AP News, November 8th, 2007
A federal judge has ruled that compiling Dorothy Parker's poems was a far less original act than writing them.
The editor of a book of uncollected work by the late author did not show enough "creativity" to claim copyright infringement from a near-identical set contained in a book released by Penguin Group (USA), U.S. District Judge John F. Keenan said Tuesday, contradicting a decision he made four years ago.
Stuart Y. Silverstein's "Not Much Fun: The Lost Poems of Dorothy Parker" was published in 1996 by Scribner, an imprint of Simon & Schuster. The Penguin book, "Dorothy Parker, Complete Poems," came out in 1999 and includes all the 122 pieces assembled by Silverstein, who was not credited. The poems themselves are in the public domain.
"The Court finds that Silverstein simply selected for inclusion in `Not Much Fun' all of the uncollected Parker poems that he could find and that this selection process involved no creativity," wrote Keenan, who in a summary judgment in 2003 had ruled in Silverstein's favor and enjoined Penguin from selling or continuing to distribute its book.
Keenan's ruling was vacated in 2004 by the U.S. Court of Appeals for the Second Circuit, and the case was returned to the U.S. District Court in the Southern District of New York. The appeals court found that a "trial was required to determine if Silverstein had exercised any creativity." The trial was held last July.

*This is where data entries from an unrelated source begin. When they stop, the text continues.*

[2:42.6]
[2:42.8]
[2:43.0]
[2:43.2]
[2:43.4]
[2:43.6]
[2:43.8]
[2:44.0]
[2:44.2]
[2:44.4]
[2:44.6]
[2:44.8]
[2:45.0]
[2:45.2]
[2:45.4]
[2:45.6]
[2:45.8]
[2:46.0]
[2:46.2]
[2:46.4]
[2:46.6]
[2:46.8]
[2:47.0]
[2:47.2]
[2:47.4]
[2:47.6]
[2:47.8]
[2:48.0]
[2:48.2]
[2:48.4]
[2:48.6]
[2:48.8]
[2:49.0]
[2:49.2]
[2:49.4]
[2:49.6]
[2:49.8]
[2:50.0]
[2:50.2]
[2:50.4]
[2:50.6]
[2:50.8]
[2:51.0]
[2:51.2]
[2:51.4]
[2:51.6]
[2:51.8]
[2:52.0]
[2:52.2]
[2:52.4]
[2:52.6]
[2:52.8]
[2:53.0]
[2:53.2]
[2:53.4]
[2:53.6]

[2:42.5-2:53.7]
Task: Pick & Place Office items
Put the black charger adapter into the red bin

"Penguin Group (USA) is, of course, delighted with the District Court's decision," the publisher said Thursday in a statement.

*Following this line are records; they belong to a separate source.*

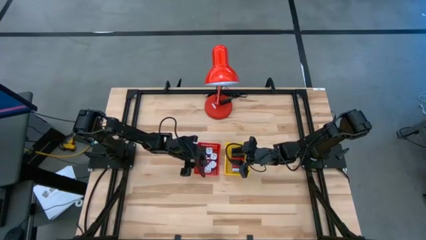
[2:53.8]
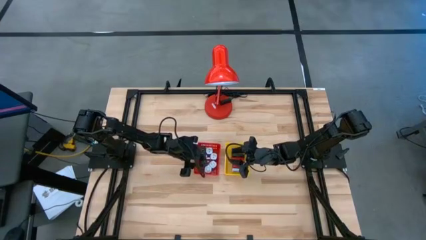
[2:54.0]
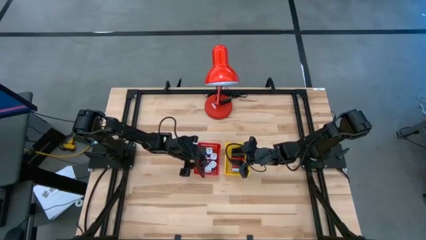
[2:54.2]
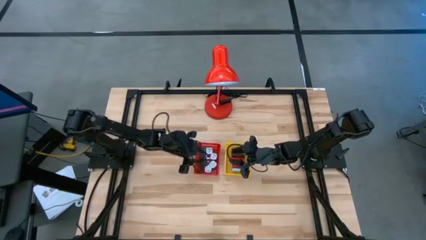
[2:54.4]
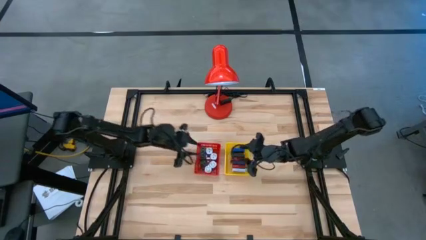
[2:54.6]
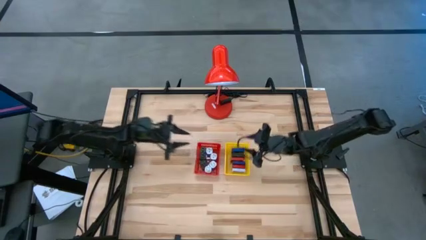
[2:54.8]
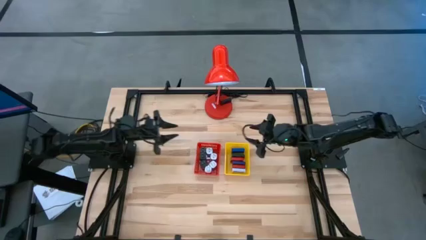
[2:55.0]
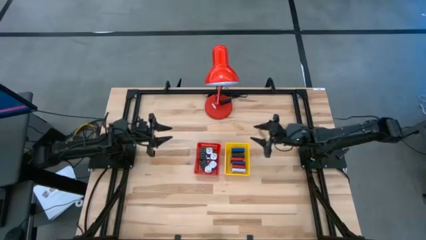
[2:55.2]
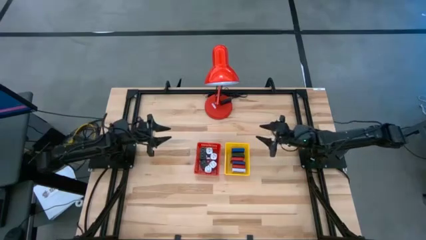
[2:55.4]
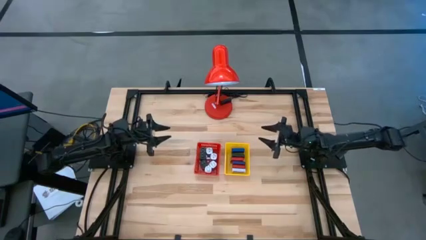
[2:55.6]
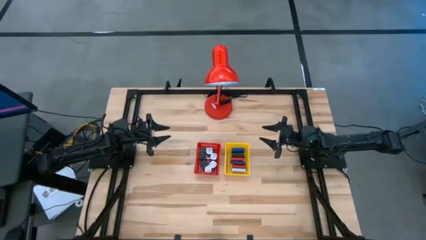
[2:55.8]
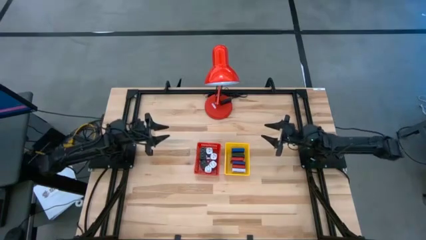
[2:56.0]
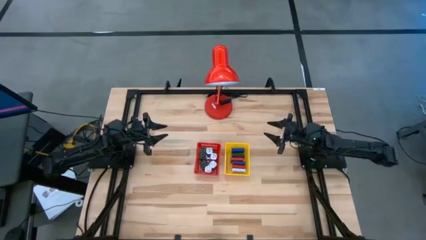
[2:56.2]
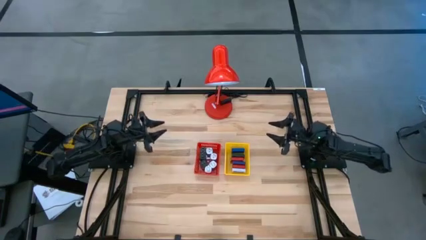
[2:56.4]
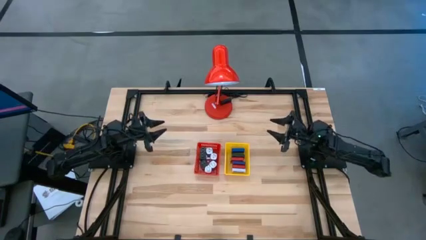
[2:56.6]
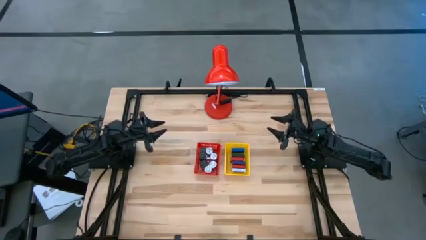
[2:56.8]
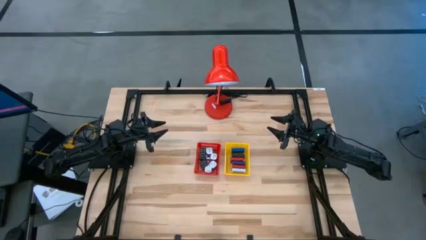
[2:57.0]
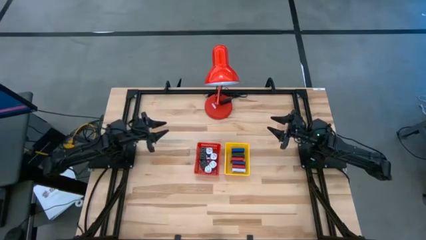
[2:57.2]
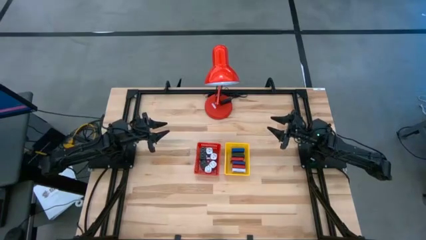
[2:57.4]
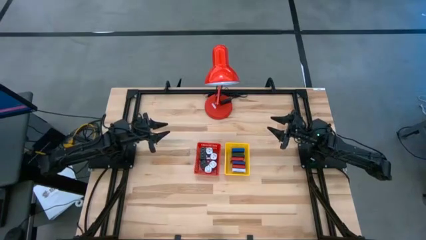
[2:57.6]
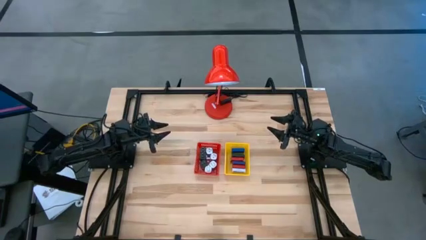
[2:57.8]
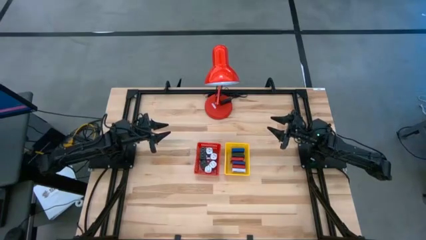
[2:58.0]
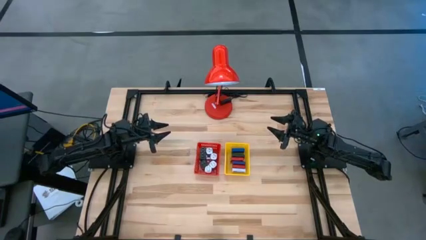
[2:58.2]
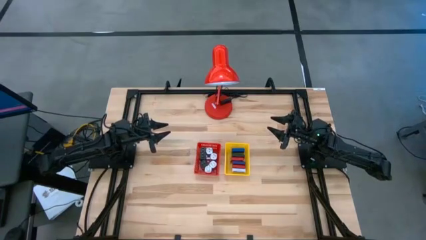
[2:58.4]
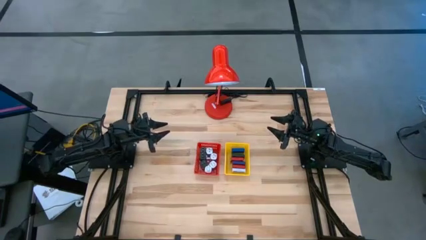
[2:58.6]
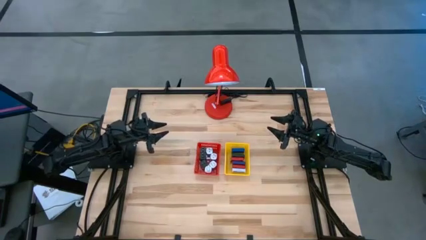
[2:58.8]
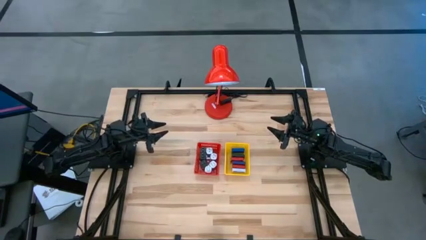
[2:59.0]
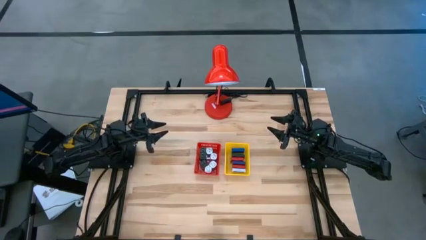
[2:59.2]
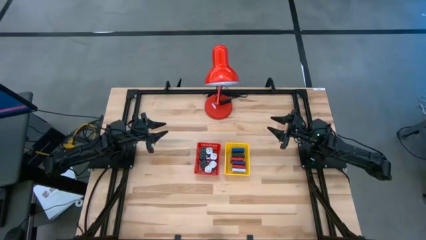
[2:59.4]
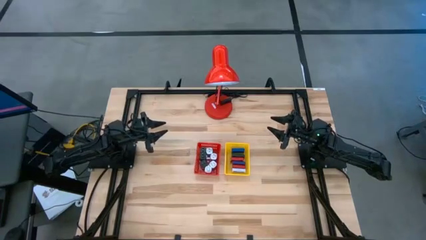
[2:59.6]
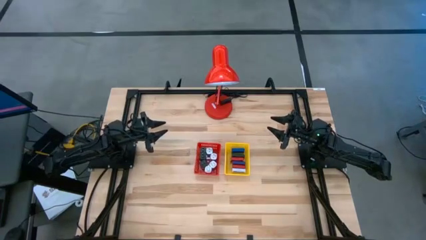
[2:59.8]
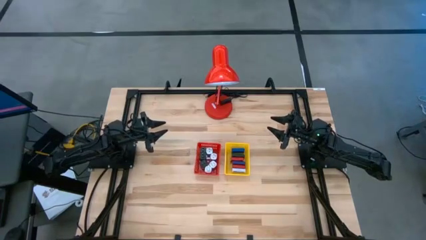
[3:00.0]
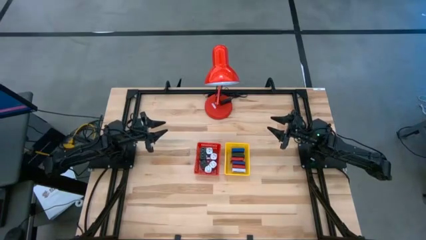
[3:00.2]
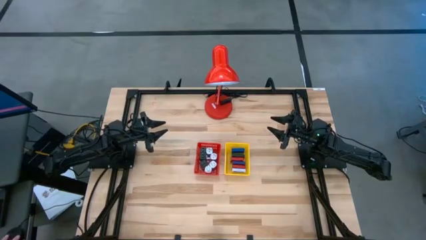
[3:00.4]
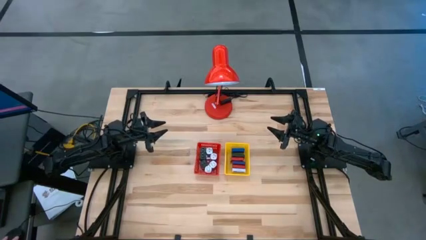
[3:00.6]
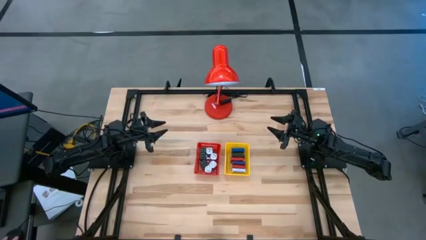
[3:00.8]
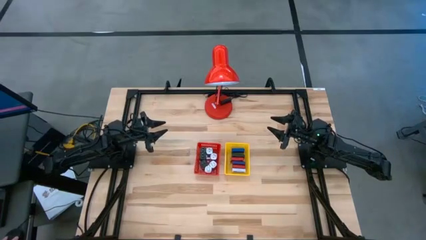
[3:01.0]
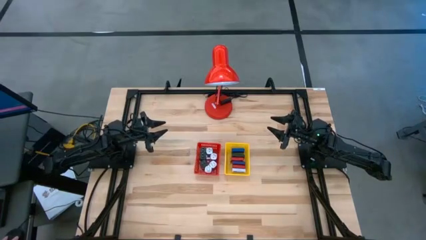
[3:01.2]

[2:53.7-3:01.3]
Return to Home Position

"After six years of litigation, the court has unambiguously rejected every one of Mr. Silverstein's legal claims, and repudiated his attacks on Penguin's conduct and practices. It is a complete vindication for Penguin, and a great victory for all publishers."
Silverstein told The Associated Press on Thursday, "We're disappointed with the ruling and are considering our remedies on appeal."
Penguin spokeswoman Kristin Ilardi said that the publisher had "voluntarily kept the book out of circulation" and that "it will be up to the Penguin Books imprint to decide whether they will begin circulation again."
Keenan's 79-page decision included legal and literary history. He offered a brief description of Parker — "the famous writer who was a member of the Algonquin Round Table" — and a detailed summary of what constitutes a poem.
"A poem sometimes possesses rhyme or meter, though this is not necessary," Keenan wrote. "A poem is typically free from the usual rules of grammar, punctuation and capitalization." In a footnote, he cited testimony that before "World War Two, a poem almost always had rhyme or meter." Now, "the popular definition of poem has become much more lenient."
Among the factors in Keenan's decision: Whether a 1920 letter from Parker to fellow wit Robert Benchley, written in rhyming couplets, was easily defined as a poem. Silverstein testified that it wasn't and that he had demonstrated creativity by including it in his book.
On the contrary, Keenan wrote, "where a line does not fit within the margins, it is indented below and kept apart from the next line in order to preserve the rhyme scheme.
"The Letter to Robert Benchley is objectively recognizable as a poem."